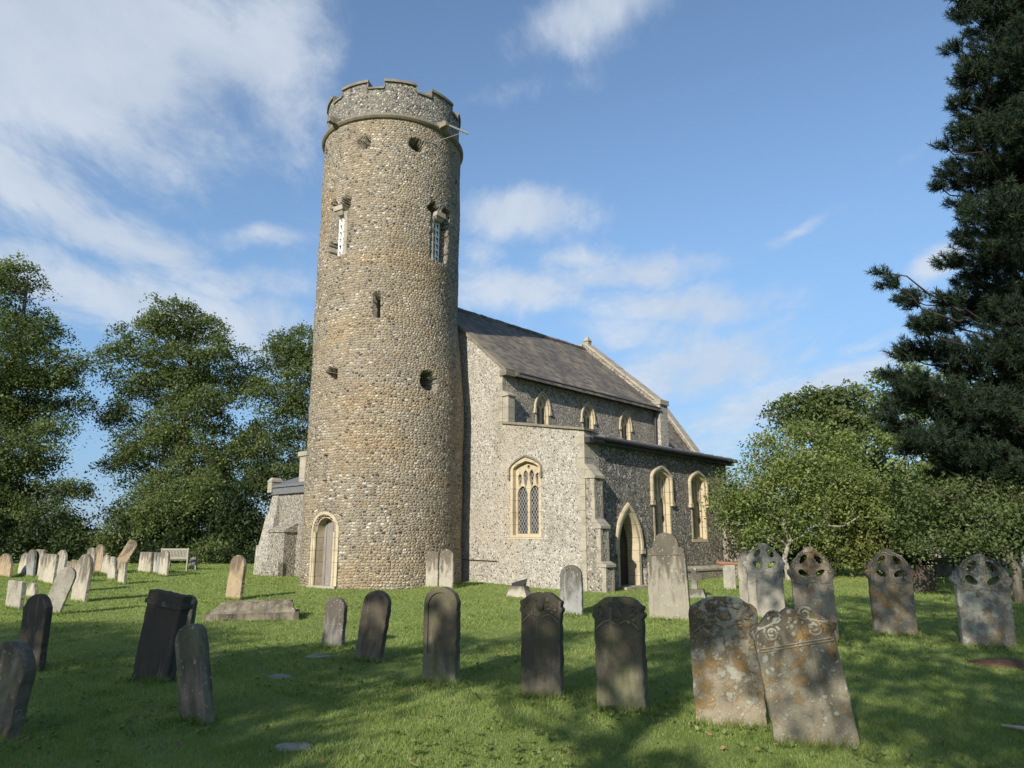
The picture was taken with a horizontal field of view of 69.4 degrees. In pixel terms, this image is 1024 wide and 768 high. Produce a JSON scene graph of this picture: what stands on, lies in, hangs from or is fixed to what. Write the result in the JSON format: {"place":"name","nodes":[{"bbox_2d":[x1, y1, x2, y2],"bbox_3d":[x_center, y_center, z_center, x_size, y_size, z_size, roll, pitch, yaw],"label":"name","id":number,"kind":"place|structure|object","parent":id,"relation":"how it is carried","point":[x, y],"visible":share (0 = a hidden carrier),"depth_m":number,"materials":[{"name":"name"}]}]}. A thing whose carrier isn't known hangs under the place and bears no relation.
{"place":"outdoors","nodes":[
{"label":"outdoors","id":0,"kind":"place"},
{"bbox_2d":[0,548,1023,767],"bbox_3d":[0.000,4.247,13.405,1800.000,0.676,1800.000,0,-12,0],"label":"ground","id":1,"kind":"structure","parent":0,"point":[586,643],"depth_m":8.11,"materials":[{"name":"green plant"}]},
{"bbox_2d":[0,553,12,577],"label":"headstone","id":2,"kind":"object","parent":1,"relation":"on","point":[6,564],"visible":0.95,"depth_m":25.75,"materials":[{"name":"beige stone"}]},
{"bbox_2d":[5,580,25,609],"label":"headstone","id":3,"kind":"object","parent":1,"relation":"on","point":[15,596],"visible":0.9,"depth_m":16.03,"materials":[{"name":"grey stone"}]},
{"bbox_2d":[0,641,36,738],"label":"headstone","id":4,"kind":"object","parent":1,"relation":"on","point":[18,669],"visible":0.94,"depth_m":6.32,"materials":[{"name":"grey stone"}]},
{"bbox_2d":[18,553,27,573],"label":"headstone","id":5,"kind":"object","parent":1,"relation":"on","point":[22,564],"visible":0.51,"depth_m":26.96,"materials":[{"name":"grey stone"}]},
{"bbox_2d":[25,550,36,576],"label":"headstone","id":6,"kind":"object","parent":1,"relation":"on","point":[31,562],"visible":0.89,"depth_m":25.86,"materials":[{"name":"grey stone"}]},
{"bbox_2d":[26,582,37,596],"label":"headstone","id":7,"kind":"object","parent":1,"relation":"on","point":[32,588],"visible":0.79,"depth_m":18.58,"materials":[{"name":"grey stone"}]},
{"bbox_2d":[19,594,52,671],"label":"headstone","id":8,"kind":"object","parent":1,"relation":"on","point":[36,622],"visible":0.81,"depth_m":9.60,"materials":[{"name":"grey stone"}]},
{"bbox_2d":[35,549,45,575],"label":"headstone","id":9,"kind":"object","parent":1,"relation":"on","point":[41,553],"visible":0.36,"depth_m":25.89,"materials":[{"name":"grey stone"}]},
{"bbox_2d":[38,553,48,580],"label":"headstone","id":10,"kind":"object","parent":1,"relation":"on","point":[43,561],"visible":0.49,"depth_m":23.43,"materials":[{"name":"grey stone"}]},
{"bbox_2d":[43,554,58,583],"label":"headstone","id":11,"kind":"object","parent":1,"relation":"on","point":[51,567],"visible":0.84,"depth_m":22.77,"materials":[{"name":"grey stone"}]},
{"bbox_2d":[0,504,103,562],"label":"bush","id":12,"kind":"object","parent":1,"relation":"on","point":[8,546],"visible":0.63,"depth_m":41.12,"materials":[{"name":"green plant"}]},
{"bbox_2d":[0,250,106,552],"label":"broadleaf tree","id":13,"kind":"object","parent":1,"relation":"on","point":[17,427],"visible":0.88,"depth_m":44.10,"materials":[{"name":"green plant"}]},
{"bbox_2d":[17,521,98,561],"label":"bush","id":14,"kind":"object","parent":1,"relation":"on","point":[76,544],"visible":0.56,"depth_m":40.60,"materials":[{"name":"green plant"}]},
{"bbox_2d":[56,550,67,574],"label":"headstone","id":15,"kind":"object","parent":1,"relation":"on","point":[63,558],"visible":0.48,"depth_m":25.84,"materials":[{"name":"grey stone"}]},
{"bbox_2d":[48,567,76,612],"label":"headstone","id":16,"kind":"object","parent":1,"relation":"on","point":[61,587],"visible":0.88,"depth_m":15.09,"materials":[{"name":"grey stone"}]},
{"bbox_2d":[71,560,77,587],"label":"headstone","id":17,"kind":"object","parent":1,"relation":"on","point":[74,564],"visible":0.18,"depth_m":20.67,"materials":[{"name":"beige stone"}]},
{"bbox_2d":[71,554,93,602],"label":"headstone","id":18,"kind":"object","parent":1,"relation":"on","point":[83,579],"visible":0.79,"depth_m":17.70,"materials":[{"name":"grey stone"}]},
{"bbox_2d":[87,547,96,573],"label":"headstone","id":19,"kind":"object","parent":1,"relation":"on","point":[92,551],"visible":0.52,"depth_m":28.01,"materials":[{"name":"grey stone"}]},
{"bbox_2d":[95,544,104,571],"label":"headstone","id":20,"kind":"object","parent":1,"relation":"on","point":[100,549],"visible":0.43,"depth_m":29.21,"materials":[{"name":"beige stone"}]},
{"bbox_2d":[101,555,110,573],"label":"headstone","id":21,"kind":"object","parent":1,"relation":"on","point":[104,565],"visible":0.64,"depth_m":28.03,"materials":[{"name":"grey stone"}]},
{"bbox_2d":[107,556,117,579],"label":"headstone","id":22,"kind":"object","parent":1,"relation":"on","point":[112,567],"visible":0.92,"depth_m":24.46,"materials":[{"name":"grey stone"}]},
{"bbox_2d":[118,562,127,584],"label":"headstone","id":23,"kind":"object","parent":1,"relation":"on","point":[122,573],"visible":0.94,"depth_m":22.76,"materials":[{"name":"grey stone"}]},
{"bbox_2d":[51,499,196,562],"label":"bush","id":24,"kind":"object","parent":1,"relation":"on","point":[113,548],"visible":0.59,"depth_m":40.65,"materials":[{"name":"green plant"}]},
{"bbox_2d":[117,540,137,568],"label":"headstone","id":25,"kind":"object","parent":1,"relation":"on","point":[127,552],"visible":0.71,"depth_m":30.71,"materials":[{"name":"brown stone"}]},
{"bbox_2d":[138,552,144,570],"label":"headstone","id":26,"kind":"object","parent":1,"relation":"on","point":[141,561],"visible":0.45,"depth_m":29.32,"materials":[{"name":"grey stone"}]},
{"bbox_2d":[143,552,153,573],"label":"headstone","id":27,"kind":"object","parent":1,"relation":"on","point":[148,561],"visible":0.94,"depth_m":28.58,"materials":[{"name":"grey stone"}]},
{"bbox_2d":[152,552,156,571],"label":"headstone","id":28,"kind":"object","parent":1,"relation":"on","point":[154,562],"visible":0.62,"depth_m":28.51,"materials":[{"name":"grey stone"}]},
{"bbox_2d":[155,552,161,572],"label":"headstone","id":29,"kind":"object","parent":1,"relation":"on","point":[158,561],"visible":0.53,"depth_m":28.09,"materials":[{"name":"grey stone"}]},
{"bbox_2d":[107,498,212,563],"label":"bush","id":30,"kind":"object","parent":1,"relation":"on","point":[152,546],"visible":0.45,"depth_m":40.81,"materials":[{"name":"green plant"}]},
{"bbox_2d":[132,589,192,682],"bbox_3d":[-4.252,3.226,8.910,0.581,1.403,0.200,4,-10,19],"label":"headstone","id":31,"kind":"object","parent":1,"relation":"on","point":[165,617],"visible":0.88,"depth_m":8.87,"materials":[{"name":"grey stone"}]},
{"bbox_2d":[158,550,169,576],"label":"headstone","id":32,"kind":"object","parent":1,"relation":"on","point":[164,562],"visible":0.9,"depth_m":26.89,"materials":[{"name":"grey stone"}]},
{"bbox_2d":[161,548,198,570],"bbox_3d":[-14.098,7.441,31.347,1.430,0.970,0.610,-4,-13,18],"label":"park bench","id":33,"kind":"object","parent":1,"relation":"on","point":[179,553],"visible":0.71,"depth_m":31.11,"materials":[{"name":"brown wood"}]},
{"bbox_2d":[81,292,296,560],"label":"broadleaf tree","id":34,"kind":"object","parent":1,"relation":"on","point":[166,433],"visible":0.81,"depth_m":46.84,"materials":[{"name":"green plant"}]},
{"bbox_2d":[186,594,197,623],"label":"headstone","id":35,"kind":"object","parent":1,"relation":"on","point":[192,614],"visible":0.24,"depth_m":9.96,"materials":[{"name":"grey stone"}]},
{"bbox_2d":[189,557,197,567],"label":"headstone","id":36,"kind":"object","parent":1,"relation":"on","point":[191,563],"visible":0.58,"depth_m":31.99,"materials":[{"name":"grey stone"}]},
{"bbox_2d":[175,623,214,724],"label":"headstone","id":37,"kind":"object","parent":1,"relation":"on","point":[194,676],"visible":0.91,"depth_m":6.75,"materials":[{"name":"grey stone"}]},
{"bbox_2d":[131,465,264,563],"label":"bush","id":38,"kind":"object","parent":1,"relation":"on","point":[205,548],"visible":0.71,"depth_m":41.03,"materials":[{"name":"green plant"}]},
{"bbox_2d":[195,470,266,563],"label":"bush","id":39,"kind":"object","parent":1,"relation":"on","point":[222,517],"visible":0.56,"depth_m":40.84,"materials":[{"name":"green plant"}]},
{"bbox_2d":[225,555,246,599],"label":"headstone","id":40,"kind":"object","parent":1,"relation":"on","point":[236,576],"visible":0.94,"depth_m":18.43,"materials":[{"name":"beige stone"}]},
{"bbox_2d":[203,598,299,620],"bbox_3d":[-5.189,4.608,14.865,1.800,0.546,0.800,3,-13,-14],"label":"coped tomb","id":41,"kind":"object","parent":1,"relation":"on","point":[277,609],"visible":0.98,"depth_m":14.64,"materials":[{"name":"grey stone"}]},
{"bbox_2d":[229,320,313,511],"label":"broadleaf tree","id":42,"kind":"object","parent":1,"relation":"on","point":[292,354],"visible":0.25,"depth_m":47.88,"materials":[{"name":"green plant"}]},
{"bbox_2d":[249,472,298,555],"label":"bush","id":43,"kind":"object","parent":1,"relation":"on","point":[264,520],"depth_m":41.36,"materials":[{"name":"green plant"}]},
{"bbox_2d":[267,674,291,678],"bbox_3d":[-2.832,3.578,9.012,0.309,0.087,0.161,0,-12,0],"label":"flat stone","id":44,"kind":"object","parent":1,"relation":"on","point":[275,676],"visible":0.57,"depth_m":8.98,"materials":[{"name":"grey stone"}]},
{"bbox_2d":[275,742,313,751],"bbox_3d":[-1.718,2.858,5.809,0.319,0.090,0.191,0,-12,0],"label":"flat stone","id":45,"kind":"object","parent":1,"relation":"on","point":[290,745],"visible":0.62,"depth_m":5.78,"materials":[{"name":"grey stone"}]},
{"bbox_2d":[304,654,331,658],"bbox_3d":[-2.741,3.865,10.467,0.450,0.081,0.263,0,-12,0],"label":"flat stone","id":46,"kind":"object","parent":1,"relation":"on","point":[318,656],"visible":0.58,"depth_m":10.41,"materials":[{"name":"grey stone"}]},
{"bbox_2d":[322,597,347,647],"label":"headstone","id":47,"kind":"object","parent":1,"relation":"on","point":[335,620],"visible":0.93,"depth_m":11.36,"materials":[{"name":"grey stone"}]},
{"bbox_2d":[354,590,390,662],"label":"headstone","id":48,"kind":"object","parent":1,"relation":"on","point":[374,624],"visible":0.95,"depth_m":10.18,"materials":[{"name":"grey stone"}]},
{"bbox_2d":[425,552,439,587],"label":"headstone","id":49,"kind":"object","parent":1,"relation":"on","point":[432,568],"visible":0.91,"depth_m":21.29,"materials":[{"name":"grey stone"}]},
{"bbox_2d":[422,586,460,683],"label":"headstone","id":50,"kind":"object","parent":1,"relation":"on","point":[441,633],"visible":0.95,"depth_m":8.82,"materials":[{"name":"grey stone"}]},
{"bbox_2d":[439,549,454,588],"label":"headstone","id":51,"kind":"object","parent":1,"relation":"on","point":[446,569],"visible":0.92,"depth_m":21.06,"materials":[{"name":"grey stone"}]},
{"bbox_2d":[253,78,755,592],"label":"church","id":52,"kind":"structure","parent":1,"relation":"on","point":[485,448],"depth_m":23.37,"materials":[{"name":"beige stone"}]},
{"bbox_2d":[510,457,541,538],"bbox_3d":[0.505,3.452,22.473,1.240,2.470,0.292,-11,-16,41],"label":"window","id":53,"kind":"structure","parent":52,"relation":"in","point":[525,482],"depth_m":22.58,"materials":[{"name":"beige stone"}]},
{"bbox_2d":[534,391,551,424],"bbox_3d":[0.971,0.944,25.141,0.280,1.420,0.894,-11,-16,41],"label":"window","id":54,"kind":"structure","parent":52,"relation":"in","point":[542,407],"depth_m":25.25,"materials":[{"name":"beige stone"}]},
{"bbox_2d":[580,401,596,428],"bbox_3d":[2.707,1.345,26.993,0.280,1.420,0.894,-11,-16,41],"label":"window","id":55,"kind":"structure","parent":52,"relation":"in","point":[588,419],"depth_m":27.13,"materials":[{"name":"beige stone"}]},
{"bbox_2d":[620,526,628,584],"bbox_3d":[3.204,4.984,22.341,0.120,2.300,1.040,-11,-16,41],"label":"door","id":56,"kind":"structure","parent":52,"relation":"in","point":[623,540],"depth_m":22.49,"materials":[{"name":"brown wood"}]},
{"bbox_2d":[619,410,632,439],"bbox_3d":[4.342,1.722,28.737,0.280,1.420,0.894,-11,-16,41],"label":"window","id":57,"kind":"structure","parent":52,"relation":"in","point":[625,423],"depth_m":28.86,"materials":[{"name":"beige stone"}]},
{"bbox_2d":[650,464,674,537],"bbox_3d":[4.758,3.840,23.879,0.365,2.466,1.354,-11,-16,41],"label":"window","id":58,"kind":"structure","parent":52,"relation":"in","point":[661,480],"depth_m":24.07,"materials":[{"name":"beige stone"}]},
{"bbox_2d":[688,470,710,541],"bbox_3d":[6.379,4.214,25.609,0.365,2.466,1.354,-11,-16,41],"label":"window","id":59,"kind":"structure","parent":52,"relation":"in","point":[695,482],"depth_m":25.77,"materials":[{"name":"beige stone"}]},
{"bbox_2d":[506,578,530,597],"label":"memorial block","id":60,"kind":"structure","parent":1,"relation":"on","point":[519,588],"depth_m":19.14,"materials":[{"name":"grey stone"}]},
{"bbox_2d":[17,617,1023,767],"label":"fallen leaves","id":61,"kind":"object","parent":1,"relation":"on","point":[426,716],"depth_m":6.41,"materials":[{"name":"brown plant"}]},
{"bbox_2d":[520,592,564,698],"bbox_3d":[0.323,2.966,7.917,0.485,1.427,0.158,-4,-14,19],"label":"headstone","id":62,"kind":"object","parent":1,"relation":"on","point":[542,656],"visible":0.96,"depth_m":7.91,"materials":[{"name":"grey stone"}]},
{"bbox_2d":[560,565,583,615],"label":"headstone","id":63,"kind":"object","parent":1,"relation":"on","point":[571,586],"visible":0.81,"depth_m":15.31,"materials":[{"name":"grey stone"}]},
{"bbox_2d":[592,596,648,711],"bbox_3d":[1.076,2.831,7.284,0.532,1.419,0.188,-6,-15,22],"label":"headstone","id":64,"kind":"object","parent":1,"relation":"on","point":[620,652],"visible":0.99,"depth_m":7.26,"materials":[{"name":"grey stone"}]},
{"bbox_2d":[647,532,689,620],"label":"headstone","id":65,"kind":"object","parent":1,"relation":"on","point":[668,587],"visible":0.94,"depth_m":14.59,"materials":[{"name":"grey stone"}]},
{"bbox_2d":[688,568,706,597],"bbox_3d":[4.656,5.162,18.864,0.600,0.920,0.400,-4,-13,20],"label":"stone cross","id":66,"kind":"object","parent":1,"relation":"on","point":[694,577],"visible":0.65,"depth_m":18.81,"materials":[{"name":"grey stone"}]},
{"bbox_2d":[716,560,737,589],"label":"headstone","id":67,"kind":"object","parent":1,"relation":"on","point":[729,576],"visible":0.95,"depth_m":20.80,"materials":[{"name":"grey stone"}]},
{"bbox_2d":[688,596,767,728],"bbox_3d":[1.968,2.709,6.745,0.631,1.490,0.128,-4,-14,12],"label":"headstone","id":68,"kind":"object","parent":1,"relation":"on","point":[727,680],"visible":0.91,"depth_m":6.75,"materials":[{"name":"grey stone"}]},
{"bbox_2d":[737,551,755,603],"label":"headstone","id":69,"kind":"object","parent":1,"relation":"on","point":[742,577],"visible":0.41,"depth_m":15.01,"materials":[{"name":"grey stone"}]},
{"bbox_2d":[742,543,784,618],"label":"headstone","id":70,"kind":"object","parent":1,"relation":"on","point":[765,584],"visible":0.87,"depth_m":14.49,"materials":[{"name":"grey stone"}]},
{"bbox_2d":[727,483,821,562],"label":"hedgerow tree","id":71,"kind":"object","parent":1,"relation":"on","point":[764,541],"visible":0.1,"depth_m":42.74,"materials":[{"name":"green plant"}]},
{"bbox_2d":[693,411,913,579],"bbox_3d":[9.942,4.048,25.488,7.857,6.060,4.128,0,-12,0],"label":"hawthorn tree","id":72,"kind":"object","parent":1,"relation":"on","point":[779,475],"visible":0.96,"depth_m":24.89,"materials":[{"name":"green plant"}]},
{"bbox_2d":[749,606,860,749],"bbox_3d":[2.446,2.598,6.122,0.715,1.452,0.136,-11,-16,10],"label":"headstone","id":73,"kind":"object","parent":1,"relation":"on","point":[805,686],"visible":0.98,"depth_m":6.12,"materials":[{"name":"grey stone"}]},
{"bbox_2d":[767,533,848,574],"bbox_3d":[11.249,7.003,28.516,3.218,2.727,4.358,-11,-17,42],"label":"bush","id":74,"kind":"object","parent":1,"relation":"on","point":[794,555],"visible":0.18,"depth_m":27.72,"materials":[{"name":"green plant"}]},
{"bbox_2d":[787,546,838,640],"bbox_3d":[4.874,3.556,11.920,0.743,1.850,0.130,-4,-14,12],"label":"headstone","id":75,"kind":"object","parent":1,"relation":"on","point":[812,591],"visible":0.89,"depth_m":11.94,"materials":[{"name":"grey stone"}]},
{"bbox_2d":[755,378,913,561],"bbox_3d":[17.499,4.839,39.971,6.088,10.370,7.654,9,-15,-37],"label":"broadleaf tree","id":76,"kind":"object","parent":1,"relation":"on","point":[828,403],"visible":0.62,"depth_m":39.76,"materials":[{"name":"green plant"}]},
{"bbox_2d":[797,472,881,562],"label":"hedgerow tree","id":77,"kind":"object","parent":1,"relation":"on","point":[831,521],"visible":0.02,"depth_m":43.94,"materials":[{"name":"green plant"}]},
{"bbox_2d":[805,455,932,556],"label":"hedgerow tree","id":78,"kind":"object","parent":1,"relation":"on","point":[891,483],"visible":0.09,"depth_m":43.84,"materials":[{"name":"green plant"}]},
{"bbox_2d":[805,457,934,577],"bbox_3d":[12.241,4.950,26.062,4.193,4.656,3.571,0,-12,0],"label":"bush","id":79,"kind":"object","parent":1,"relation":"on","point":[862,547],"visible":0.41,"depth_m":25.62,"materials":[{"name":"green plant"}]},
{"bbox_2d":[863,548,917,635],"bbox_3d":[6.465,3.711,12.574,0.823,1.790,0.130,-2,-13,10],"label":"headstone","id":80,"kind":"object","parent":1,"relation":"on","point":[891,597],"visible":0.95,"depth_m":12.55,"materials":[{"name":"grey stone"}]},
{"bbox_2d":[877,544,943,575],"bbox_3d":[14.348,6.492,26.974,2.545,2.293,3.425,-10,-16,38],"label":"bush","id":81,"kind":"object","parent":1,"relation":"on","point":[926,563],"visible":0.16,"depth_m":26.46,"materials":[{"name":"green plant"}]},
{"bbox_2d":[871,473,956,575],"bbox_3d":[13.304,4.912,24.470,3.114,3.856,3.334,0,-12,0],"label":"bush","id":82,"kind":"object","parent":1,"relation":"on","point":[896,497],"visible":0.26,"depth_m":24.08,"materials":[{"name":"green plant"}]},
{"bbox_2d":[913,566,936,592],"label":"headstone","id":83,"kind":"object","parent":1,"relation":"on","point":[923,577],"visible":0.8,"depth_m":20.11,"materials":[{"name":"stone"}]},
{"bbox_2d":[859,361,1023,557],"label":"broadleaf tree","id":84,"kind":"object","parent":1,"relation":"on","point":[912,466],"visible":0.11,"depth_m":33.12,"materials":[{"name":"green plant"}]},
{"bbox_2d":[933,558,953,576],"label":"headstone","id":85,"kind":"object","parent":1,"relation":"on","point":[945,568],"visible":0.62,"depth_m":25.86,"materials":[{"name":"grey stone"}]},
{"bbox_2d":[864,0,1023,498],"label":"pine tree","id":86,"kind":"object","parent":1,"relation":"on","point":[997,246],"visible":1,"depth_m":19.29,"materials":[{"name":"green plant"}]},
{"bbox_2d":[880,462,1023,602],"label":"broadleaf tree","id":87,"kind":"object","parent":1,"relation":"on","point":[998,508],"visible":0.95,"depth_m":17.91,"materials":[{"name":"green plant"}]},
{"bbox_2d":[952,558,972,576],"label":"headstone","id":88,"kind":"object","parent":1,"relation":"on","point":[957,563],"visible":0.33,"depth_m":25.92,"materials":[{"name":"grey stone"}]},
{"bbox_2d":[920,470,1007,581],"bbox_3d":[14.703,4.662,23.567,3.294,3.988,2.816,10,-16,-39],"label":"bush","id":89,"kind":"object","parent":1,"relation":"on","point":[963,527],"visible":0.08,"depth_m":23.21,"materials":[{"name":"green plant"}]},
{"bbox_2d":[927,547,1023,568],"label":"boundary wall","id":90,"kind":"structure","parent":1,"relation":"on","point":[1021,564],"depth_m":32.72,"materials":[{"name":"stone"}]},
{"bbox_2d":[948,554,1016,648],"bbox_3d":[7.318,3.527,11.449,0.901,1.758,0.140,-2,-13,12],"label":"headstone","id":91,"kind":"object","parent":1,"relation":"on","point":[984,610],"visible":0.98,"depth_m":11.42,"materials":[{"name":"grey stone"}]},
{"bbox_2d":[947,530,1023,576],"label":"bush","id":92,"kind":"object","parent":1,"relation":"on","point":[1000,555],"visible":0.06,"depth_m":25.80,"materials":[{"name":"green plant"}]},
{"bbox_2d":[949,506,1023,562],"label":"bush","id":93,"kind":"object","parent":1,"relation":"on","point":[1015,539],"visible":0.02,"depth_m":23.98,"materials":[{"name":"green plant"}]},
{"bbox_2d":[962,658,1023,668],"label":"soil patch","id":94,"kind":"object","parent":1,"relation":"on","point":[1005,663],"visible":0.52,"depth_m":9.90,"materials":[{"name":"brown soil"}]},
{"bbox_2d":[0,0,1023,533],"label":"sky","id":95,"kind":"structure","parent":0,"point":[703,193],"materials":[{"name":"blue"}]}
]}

● ● ● ●

**Exercise details:**
Wherever the string "flat" appears in the entries above, return the line it appears on.

**Answer:**
{"bbox_2d":[267,674,291,678],"bbox_3d":[-2.832,3.578,9.012,0.309,0.087,0.161,0,-12,0],"label":"flat stone","id":44,"kind":"object","parent":1,"relation":"on","point":[275,676],"visible":0.57,"depth_m":8.98,"materials":[{"name":"grey stone"}]},
{"bbox_2d":[275,742,313,751],"bbox_3d":[-1.718,2.858,5.809,0.319,0.090,0.191,0,-12,0],"label":"flat stone","id":45,"kind":"object","parent":1,"relation":"on","point":[290,745],"visible":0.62,"depth_m":5.78,"materials":[{"name":"grey stone"}]},
{"bbox_2d":[304,654,331,658],"bbox_3d":[-2.741,3.865,10.467,0.450,0.081,0.263,0,-12,0],"label":"flat stone","id":46,"kind":"object","parent":1,"relation":"on","point":[318,656],"visible":0.58,"depth_m":10.41,"materials":[{"name":"grey stone"}]},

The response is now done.